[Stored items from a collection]
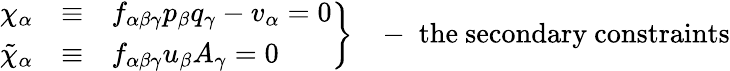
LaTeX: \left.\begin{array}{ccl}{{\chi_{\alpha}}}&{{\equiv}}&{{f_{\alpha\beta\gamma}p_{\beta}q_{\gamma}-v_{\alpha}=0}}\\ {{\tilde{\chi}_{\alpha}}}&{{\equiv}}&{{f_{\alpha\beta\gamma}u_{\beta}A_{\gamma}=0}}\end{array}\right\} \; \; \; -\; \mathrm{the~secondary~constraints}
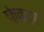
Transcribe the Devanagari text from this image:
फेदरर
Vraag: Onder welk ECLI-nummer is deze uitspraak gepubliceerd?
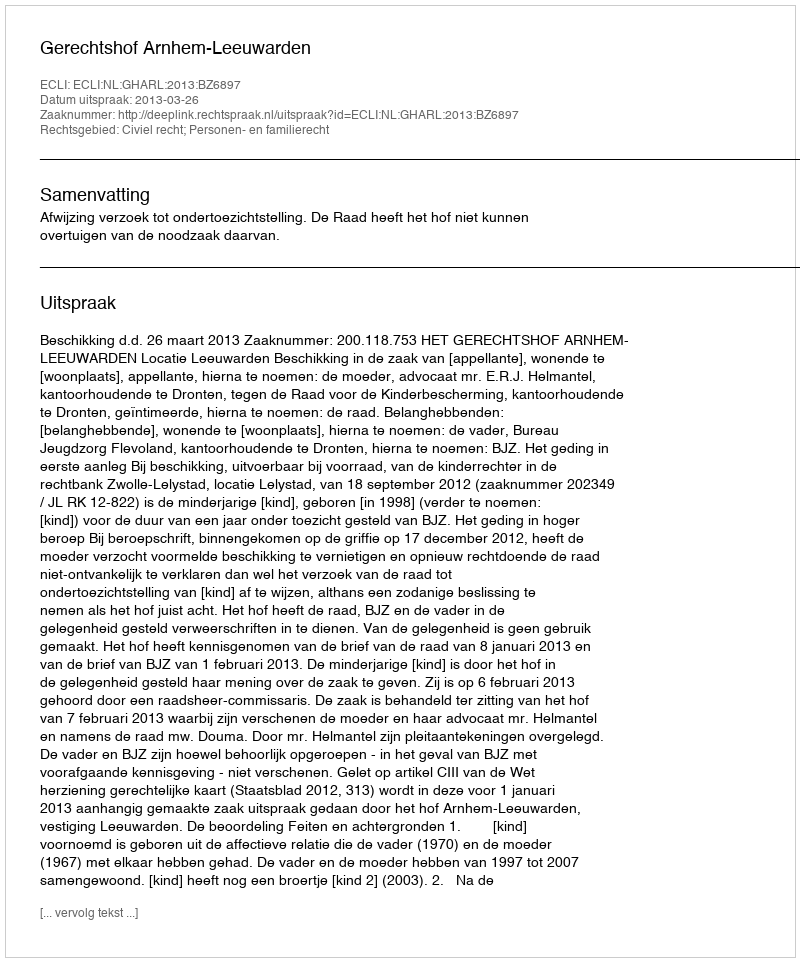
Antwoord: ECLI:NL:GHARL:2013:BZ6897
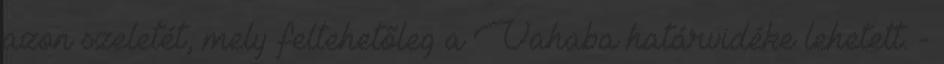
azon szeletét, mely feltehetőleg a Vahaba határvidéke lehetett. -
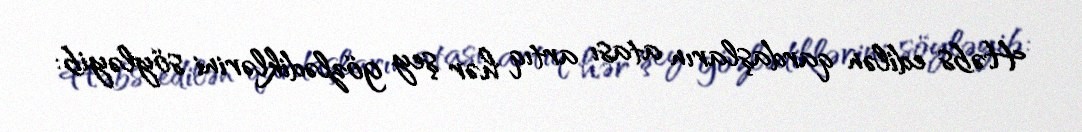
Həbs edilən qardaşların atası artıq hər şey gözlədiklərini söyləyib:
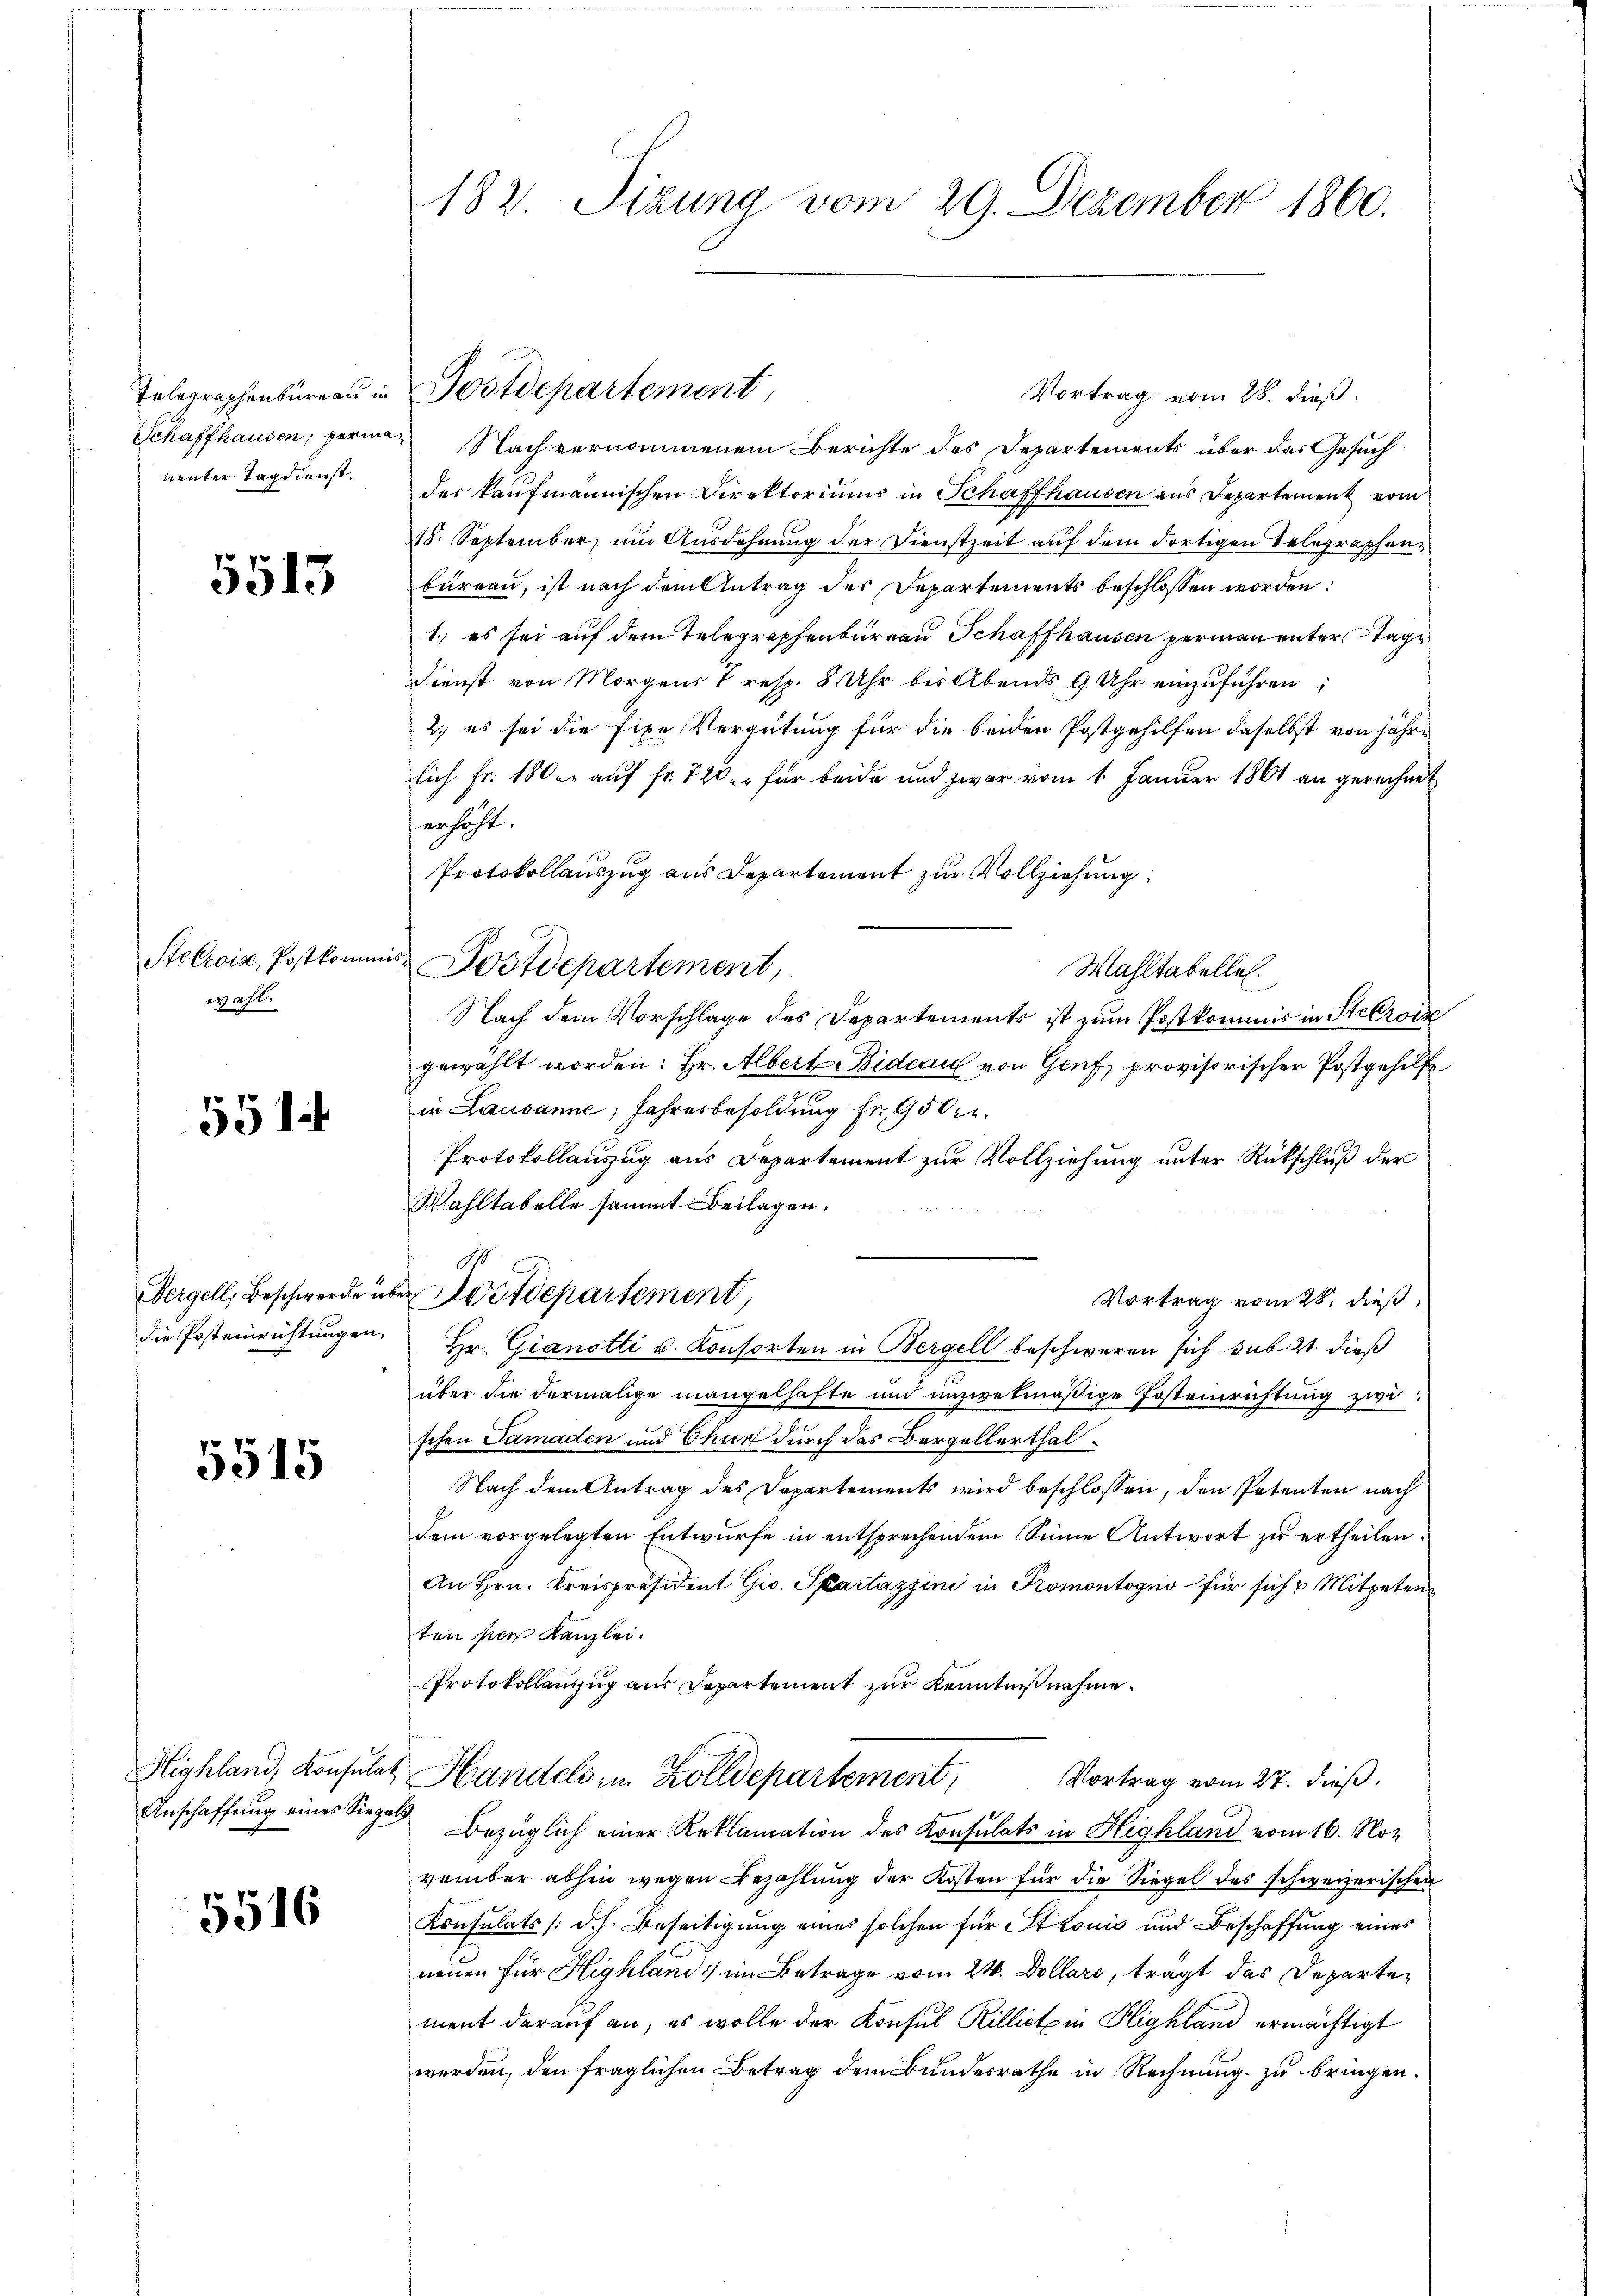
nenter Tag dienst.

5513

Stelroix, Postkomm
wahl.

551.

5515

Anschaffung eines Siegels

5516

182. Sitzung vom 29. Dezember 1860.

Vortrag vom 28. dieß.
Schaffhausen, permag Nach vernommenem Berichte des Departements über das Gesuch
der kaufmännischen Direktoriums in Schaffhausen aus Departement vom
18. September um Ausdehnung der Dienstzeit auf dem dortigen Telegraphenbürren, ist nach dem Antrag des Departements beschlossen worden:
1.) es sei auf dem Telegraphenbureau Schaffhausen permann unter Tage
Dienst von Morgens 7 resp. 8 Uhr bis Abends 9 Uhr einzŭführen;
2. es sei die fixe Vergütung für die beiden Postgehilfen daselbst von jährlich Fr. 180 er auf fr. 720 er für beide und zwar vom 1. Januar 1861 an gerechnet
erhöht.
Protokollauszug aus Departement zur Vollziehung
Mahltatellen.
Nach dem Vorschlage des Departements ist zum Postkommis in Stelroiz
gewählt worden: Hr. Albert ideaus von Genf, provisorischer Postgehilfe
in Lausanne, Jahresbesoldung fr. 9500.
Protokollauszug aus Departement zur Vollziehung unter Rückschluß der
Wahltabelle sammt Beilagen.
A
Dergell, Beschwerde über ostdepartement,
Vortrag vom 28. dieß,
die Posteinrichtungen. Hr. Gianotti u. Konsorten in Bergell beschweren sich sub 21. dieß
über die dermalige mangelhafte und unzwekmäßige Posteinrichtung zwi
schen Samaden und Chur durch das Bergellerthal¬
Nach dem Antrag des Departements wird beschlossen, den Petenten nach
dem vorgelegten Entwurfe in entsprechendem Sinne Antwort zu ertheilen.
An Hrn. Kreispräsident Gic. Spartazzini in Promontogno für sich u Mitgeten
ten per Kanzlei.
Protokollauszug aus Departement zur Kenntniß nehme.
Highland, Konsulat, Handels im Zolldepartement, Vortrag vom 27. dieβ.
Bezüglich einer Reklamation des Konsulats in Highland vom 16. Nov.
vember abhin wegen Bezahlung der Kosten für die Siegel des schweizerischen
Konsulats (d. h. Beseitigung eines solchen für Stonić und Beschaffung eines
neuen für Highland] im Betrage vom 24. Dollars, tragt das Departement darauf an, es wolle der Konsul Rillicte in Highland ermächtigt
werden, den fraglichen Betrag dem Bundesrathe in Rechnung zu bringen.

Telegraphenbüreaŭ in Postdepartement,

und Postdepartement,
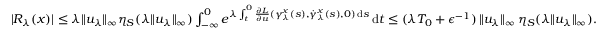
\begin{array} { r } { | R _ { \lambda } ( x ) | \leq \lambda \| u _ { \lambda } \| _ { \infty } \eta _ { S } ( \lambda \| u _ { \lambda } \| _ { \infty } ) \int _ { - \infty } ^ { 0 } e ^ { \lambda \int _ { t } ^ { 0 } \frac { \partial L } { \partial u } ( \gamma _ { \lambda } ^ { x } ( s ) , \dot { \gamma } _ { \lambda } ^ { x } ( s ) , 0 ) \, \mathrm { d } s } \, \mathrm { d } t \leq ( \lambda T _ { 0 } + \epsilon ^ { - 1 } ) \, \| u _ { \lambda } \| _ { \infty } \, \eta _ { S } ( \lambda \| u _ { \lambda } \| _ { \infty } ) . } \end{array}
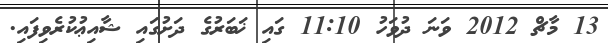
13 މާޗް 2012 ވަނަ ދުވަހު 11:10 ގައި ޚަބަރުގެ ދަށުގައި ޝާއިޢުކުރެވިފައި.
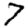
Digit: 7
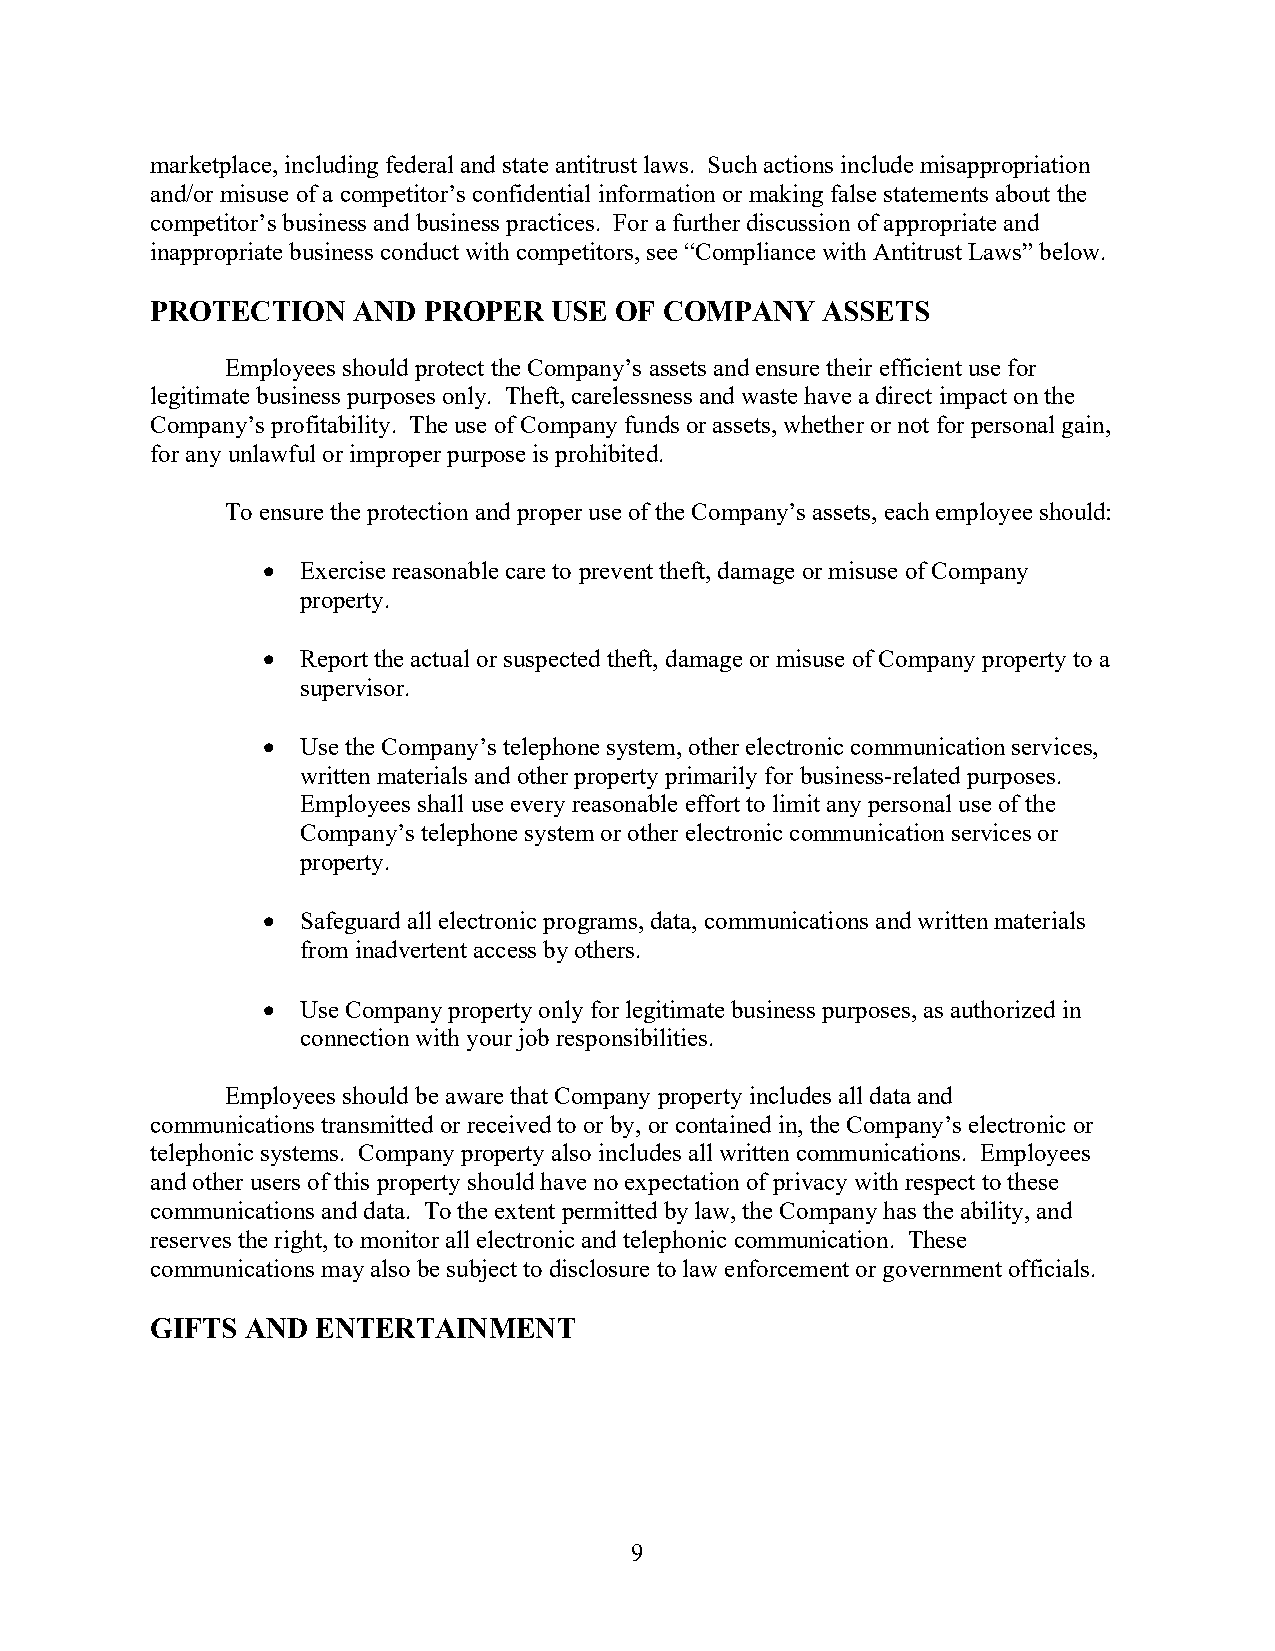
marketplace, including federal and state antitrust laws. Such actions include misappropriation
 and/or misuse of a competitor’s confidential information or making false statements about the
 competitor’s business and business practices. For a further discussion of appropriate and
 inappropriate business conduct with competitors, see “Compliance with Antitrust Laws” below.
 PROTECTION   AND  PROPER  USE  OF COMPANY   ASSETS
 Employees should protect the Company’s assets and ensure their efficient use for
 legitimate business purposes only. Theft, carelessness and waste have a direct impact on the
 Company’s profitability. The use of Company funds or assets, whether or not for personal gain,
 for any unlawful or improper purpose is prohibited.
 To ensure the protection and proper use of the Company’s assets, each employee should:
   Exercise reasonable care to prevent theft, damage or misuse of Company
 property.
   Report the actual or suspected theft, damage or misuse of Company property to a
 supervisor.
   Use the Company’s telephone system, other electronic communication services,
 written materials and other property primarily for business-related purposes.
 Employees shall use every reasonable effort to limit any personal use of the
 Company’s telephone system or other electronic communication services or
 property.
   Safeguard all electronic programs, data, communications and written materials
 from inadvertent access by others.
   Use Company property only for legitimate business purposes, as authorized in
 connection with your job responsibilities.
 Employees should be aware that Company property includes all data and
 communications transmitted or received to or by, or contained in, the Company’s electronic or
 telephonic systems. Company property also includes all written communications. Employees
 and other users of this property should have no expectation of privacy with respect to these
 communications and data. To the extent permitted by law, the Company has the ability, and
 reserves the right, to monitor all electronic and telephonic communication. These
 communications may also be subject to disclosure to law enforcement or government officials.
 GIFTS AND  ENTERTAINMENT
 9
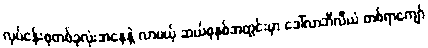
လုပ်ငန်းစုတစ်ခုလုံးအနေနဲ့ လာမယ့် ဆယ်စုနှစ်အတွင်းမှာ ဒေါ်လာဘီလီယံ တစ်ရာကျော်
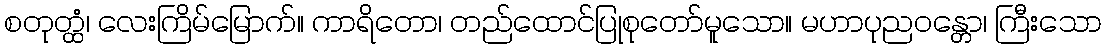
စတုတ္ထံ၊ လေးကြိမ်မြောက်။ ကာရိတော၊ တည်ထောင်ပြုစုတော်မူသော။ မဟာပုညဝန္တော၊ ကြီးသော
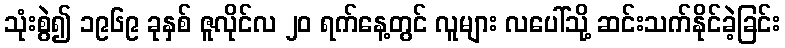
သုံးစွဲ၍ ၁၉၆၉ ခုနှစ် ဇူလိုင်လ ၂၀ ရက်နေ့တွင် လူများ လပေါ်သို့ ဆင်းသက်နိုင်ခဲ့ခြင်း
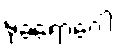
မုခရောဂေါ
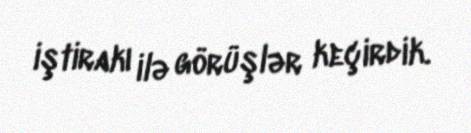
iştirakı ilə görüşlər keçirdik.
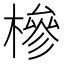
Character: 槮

Exercise instructions: Please set down only the lines from the first line of the records above through the line that has "Schaffhausen, permag Nach", exactly, and not the pictures.

Answer space:
LaTeX: \left.\begin{array}{ccl}{{\chi_{\alpha}}}&{{\equiv}}&{{f_{\alpha\beta\gamma}p_{\beta}q_{\gamma}-v_{\alpha}=0}}\\ {{\tilde{\chi}_{\alpha}}}&{{\equiv}}&{{f_{\alpha\beta\gamma}u_{\beta}A_{\gamma}=0}}\end{array}\right\} \; \; \; -\; \mathrm{the~secondary~constraints}
Transcribe the Devanagari text from this image:
फेदरर
Vraag: Onder welk ECLI-nummer is deze uitspraak gepubliceerd?
Antwoord: ECLI:NL:GHARL:2013:BZ6897
azon szeletét, mely feltehetőleg a Vahaba határvidéke lehetett. -
Həbs edilən qardaşların atası artıq hər şey gözlədiklərini söyləyib:
nenter Tag dienst.

5513

Stelroix, Postkomm
wahl.

551.

5515

Anschaffung eines Siegels

5516

182. Sitzung vom 29. Dezember 1860.

Vortrag vom 28. dieß.
Schaffhausen, permag Nach vernommenem Berichte des Departements über das Gesuch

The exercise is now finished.